SOURCE MATERIAL below:

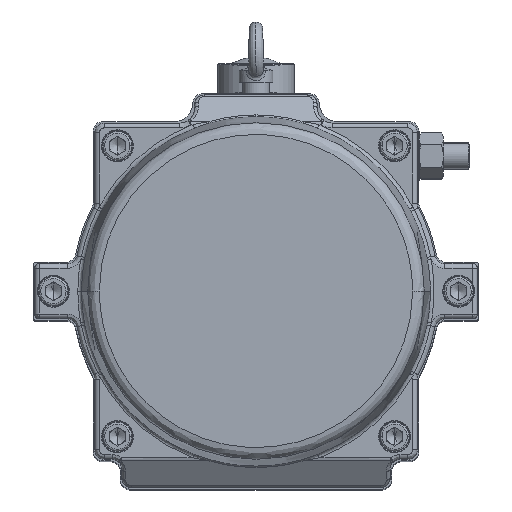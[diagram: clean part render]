
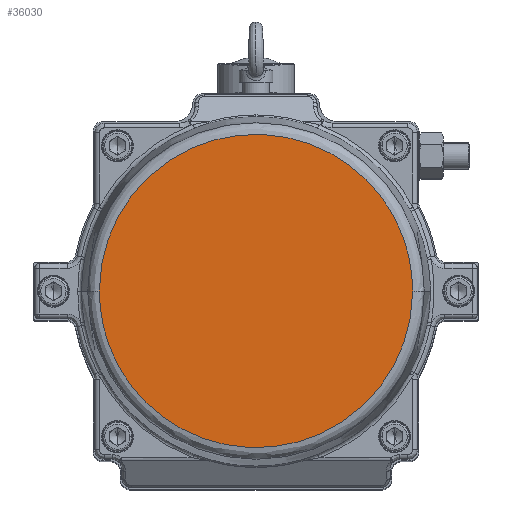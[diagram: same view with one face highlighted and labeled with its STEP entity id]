
A CAD part, top view. The second image highlights one B-rep face of the part: STEP entity #36030.
In plain terms, the highlighted planar face has unit normal (0, 0, 1).
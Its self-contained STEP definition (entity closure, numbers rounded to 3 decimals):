
#4761 = CARTESIAN_POINT ( 'NONE',  ( 0., 0., 454.5 ) ) ;
#8285 = CARTESIAN_POINT ( 'NONE',  ( -161.611, 0., 454.5 ) ) ;
#9488 = ORIENTED_EDGE ( 'NONE', *, *, #122710, .F. ) ;
#15559 = PLANE ( 'NONE',  #143434 ) ;
#19888 = VERTEX_POINT ( 'NONE', #141539 ) ;
#20067 = CARTESIAN_POINT ( 'NONE',  ( 161.611, 0., 454.5 ) ) ;
#23392 = VERTEX_POINT ( 'NONE', #60928 ) ;
#25416 = DIRECTION ( 'NONE',  ( 0., 0., -1. ) ) ;
#29098 = ORIENTED_EDGE ( 'NONE', *, *, #98432, .F. ) ;
#36030 = ADVANCED_FACE ( 'NONE', ( #102524 ), #15559, .F. ) ;
#53493 = CARTESIAN_POINT ( 'NONE',  ( -161.611, -323.221, 454.5 ) ) ;
#58420 = CARTESIAN_POINT ( 'NONE',  ( -161.611, 0., 454.5 ) ) ;
#59677 =( BOUNDED_CURVE ( )  B_SPLINE_CURVE ( 3, ( #20067, #132429, #53493, #8285 ),
 .UNSPECIFIED., .F., .F. ) 
 B_SPLINE_CURVE_WITH_KNOTS ( ( 4, 4 ),
 ( 0., 1. ),
 .UNSPECIFIED. ) 
 CURVE ( )  GEOMETRIC_REPRESENTATION_ITEM ( )  RATIONAL_B_SPLINE_CURVE ( ( 1., 0.333, 0.333, 1. ) ) 
 REPRESENTATION_ITEM ( '' )  );
#60928 = CARTESIAN_POINT ( 'NONE',  ( -161.611, 0., 454.5 ) ) ;
#61744 = EDGE_LOOP ( 'NONE', ( #29098, #9488 ) ) ;
#81907 = CARTESIAN_POINT ( 'NONE',  ( 161.611, 323.221, 454.5 ) ) ;
#93185 = CARTESIAN_POINT ( 'NONE',  ( 161.611, 0., 454.5 ) ) ;
#98432 = EDGE_CURVE ( 'NONE', #19888, #23392, #59677, .T. ) ;
#102524 = FACE_OUTER_BOUND ( 'NONE', #61744, .T. ) ;
#103957 = DIRECTION ( 'NONE',  ( -1., 0., 0. ) ) ;
#108217 =( BOUNDED_CURVE ( )  B_SPLINE_CURVE ( 3, ( #58420, #115811, #81907, #93185 ),
 .UNSPECIFIED., .F., .F. ) 
 B_SPLINE_CURVE_WITH_KNOTS ( ( 4, 4 ),
 ( 0., 1. ),
 .UNSPECIFIED. ) 
 CURVE ( )  GEOMETRIC_REPRESENTATION_ITEM ( )  RATIONAL_B_SPLINE_CURVE ( ( 1., 0.333, 0.333, 1. ) ) 
 REPRESENTATION_ITEM ( '' )  );
#115811 = CARTESIAN_POINT ( 'NONE',  ( -161.611, 323.221, 454.5 ) ) ;
#122710 = EDGE_CURVE ( 'NONE', #23392, #19888, #108217, .T. ) ;
#132429 = CARTESIAN_POINT ( 'NONE',  ( 161.611, -323.221, 454.5 ) ) ;
#141539 = CARTESIAN_POINT ( 'NONE',  ( 161.611, 0., 454.5 ) ) ;
#143434 = AXIS2_PLACEMENT_3D ( 'NONE', #4761, #25416, #103957 ) ;

End of SOURCE MATERIAL.

TASK TO CARRY OUT → Without the pictures, give all of the entries above again exactly.

RESULT OF THIS EXERCISE →
[diagram: clean part render]
[diagram: same view with one face highlighted and labeled with its STEP entity id]
A CAD part, top view. The second image highlights one B-rep face of the part: STEP entity #36030.
In plain terms, the highlighted planar face has unit normal (0, 0, 1).
Its self-contained STEP definition (entity closure, numbers rounded to 3 decimals):
#4761 = CARTESIAN_POINT ( 'NONE',  ( 0., 0., 454.5 ) ) ;
#8285 = CARTESIAN_POINT ( 'NONE',  ( -161.611, 0., 454.5 ) ) ;
#9488 = ORIENTED_EDGE ( 'NONE', *, *, #122710, .F. ) ;
#15559 = PLANE ( 'NONE',  #143434 ) ;
#19888 = VERTEX_POINT ( 'NONE', #141539 ) ;
#20067 = CARTESIAN_POINT ( 'NONE',  ( 161.611, 0., 454.5 ) ) ;
#23392 = VERTEX_POINT ( 'NONE', #60928 ) ;
#25416 = DIRECTION ( 'NONE',  ( 0., 0., -1. ) ) ;
#29098 = ORIENTED_EDGE ( 'NONE', *, *, #98432, .F. ) ;
#36030 = ADVANCED_FACE ( 'NONE', ( #102524 ), #15559, .F. ) ;
#53493 = CARTESIAN_POINT ( 'NONE',  ( -161.611, -323.221, 454.5 ) ) ;
#58420 = CARTESIAN_POINT ( 'NONE',  ( -161.611, 0., 454.5 ) ) ;
#59677 =( BOUNDED_CURVE ( )  B_SPLINE_CURVE ( 3, ( #20067, #132429, #53493, #8285 ),
 .UNSPECIFIED., .F., .F. ) 
 B_SPLINE_CURVE_WITH_KNOTS ( ( 4, 4 ),
 ( 0., 1. ),
 .UNSPECIFIED. ) 
 CURVE ( )  GEOMETRIC_REPRESENTATION_ITEM ( )  RATIONAL_B_SPLINE_CURVE ( ( 1., 0.333, 0.333, 1. ) ) 
 REPRESENTATION_ITEM ( '' )  );
#60928 = CARTESIAN_POINT ( 'NONE',  ( -161.611, 0., 454.5 ) ) ;
#61744 = EDGE_LOOP ( 'NONE', ( #29098, #9488 ) ) ;
#81907 = CARTESIAN_POINT ( 'NONE',  ( 161.611, 323.221, 454.5 ) ) ;
#93185 = CARTESIAN_POINT ( 'NONE',  ( 161.611, 0., 454.5 ) ) ;
#98432 = EDGE_CURVE ( 'NONE', #19888, #23392, #59677, .T. ) ;
#102524 = FACE_OUTER_BOUND ( 'NONE', #61744, .T. ) ;
#103957 = DIRECTION ( 'NONE',  ( -1., 0., 0. ) ) ;
#108217 =( BOUNDED_CURVE ( )  B_SPLINE_CURVE ( 3, ( #58420, #115811, #81907, #93185 ),
 .UNSPECIFIED., .F., .F. ) 
 B_SPLINE_CURVE_WITH_KNOTS ( ( 4, 4 ),
 ( 0., 1. ),
 .UNSPECIFIED. ) 
 CURVE ( )  GEOMETRIC_REPRESENTATION_ITEM ( )  RATIONAL_B_SPLINE_CURVE ( ( 1., 0.333, 0.333, 1. ) ) 
 REPRESENTATION_ITEM ( '' )  );
#115811 = CARTESIAN_POINT ( 'NONE',  ( -161.611, 323.221, 454.5 ) ) ;
#122710 = EDGE_CURVE ( 'NONE', #23392, #19888, #108217, .T. ) ;
#132429 = CARTESIAN_POINT ( 'NONE',  ( 161.611, -323.221, 454.5 ) ) ;
#141539 = CARTESIAN_POINT ( 'NONE',  ( 161.611, 0., 454.5 ) ) ;
#143434 = AXIS2_PLACEMENT_3D ( 'NONE', #4761, #25416, #103957 ) ;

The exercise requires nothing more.